Successful sim-to-real transfer on Cassie robot

Effective response to externally imposed footstep constraints

Accurate prediction of next touchdown locations

Abstract

Recently, work on reinforcement learning (RL) for bipedal robots has successfully learned controllers for a variety of dynamic gaits with robust sim-to-real demonstrations. In order to maintain balance, the learned controllers have full freedom of where to place the feet, resulting in highly robust gaits. In the real world however, the environment will often impose constraints on the feasible footstep locations, typically identified by perception systems. Unfortunately, most demonstrated RL controllers on bipedal robots do not allow for specifying and responding to such constraints. This missing control interface greatly limits the real-world application of current RL controllers. In this paper, we aim to maintain the robust and dynamic nature of learned gaits while also respecting footstep constraints imposed externally.
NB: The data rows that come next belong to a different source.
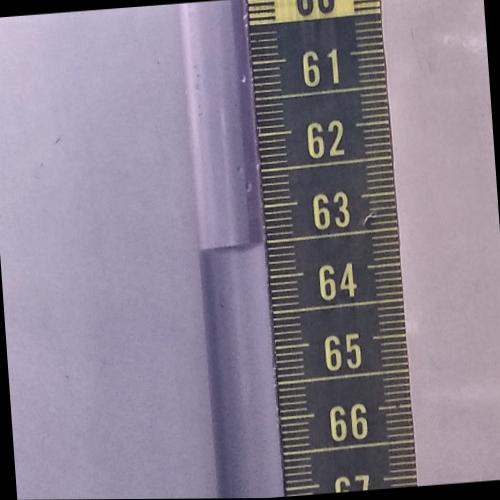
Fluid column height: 63.5 cm
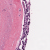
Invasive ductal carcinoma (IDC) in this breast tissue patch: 0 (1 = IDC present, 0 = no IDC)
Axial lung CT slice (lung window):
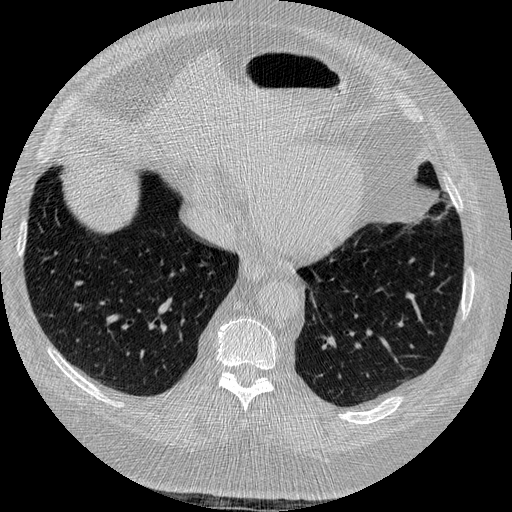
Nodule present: no

We develop an RL formulation for training dynamic gait controllers that can respond to specified touchdown locations. We then successfully demonstrate simulation and sim-to-real performance on the bipedal robot Cassie. In addition, we use supervised learning to induce a transition model for accurately predicting the next touchdown locations that the controller can achieve given the robot's proprioceptive observations. This model paves the way for integrating the learned controller into a full-order robot locomotion planner that robustly satisfies both balance and environmental constraints.